President-elect George Bush said yesterday he will undertake a major review of the existing United States strategy for tackling the third world's $1.3 trillion foreign debt burden, but he ruled out forgiving the debt. The present US debt strategy, named after former Treasury Secretary James Baker, called for massive new bank lending to 17 heavily indebted countries if they agreed to implement market-oriented economic reforms.
Mr. Bush told a news conference that parts of the Baker plan had worked, noting that the private sector had been rejuvenated in many countries. He acknowledged that commercial banks had been slow to make new loans, however.
Bush said the review of the debt strategy would involve not only the Treasury Department but also national security officials, ``because we have got enormous problems in our own hemisphere on third-world debt.''
The third world's three biggest debtors are Brazil, Mexico, and Argentina.
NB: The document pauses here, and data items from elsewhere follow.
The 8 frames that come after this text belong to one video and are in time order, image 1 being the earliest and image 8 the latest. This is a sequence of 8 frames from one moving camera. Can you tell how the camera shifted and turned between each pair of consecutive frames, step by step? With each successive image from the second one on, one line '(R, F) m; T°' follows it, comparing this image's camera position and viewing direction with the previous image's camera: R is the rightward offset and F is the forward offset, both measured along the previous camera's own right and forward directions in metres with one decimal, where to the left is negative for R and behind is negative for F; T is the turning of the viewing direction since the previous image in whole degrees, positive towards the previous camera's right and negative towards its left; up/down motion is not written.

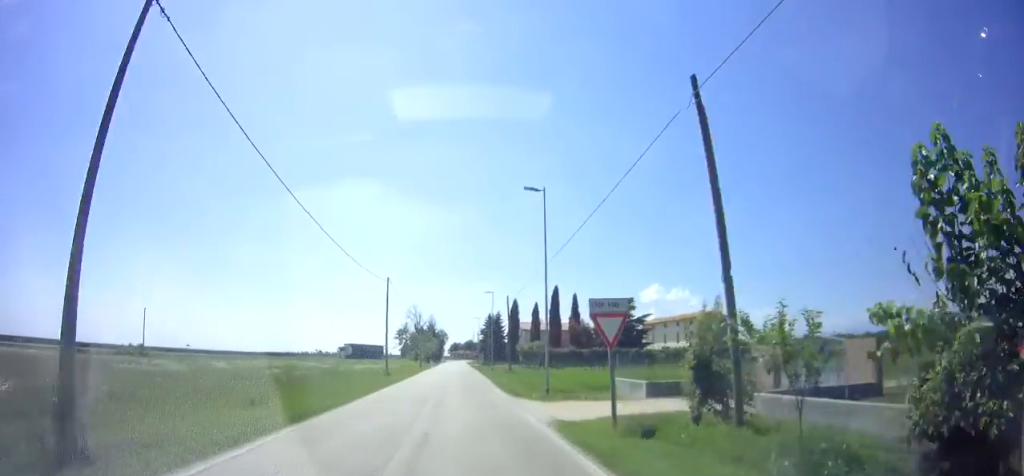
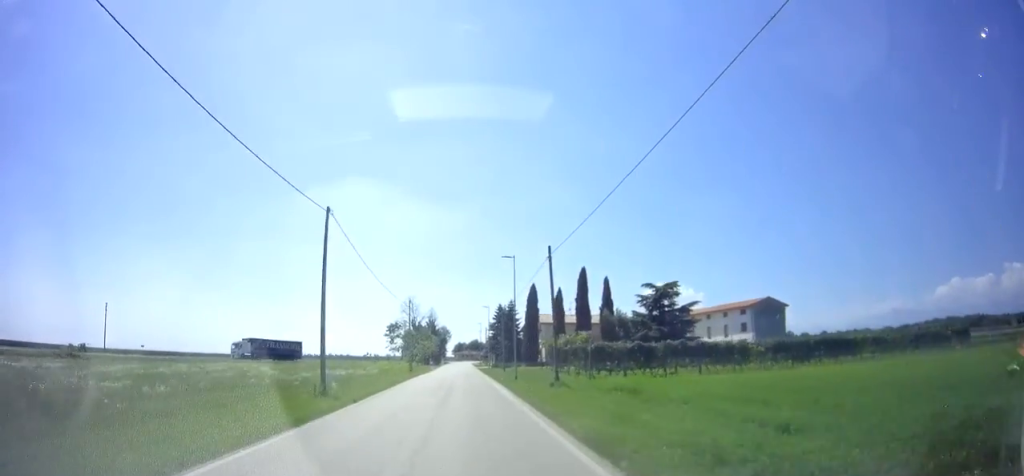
(+0.4, +18.8) m; +1°
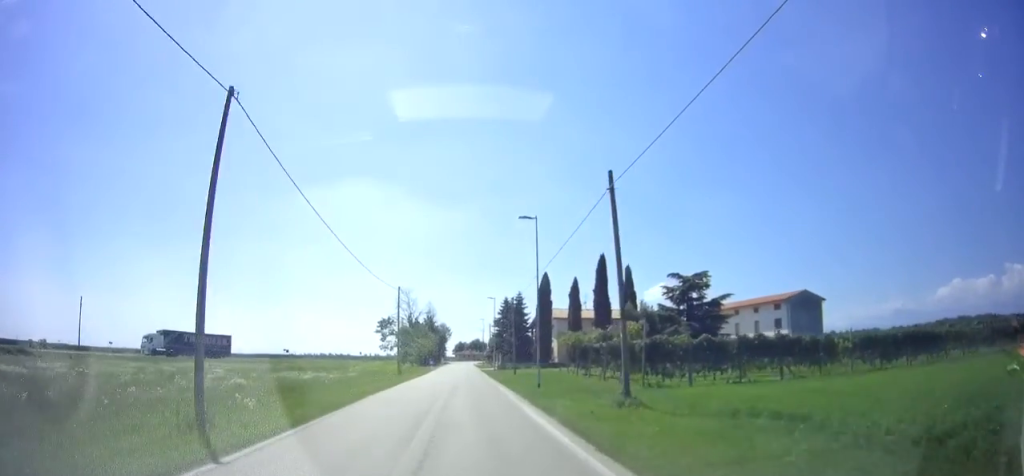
(0.0, +9.7) m; 0°
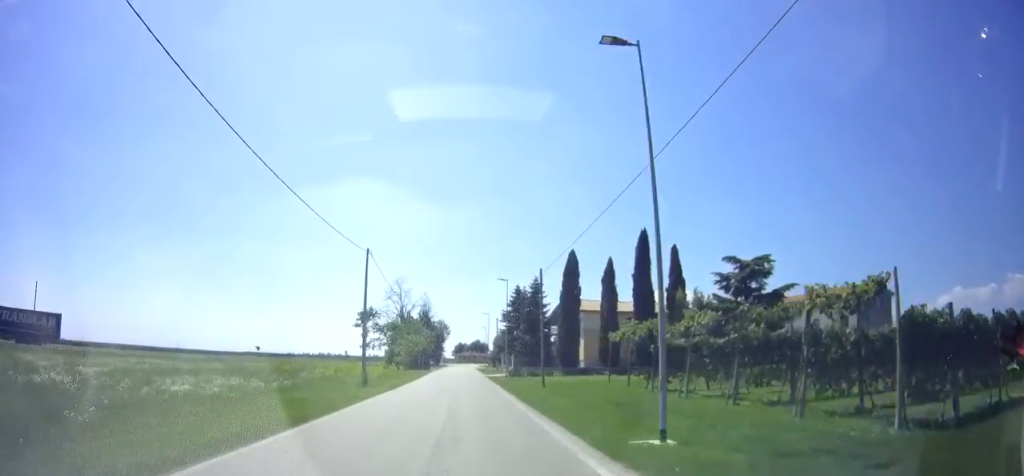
(0.0, +15.3) m; +1°
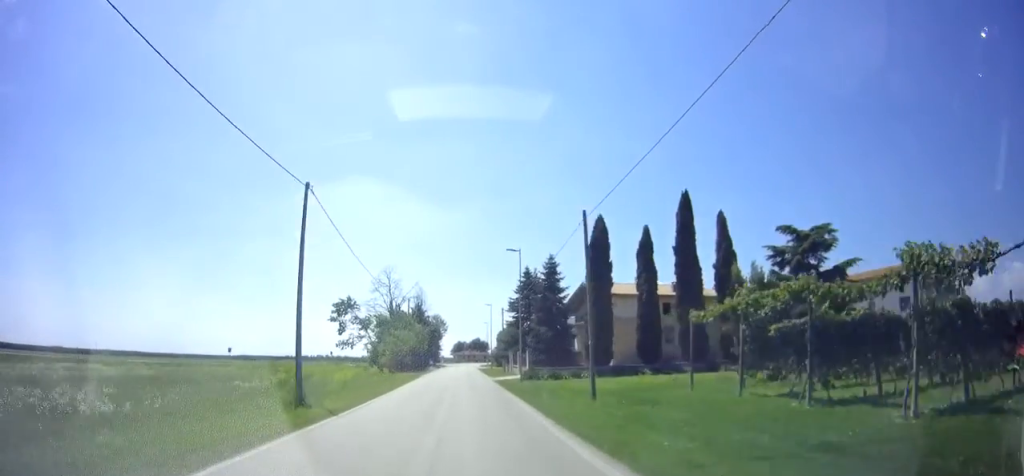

Together they owe about $290 billion.
Mr. Baker will presumably be closely involved in the review as secretary of state in the Bush administration. The new administration is obliged to submit a report on third-world debt to Congress by February.
Asked whether debt forgiveness would be an option under a revised Baker Plan, Bush said, ``I think you have to be very careful of forgiveness of debt if you want future loans, so I think we've got to find a more versatile answer than simply compelling private institutions to write off the debt.''
Bush's comments marked the clearest admission to date by the Reagan administration that the three-year-old Baker Plan had been overtaken by events and that a new phase in the debt strategy was called for, analysts said.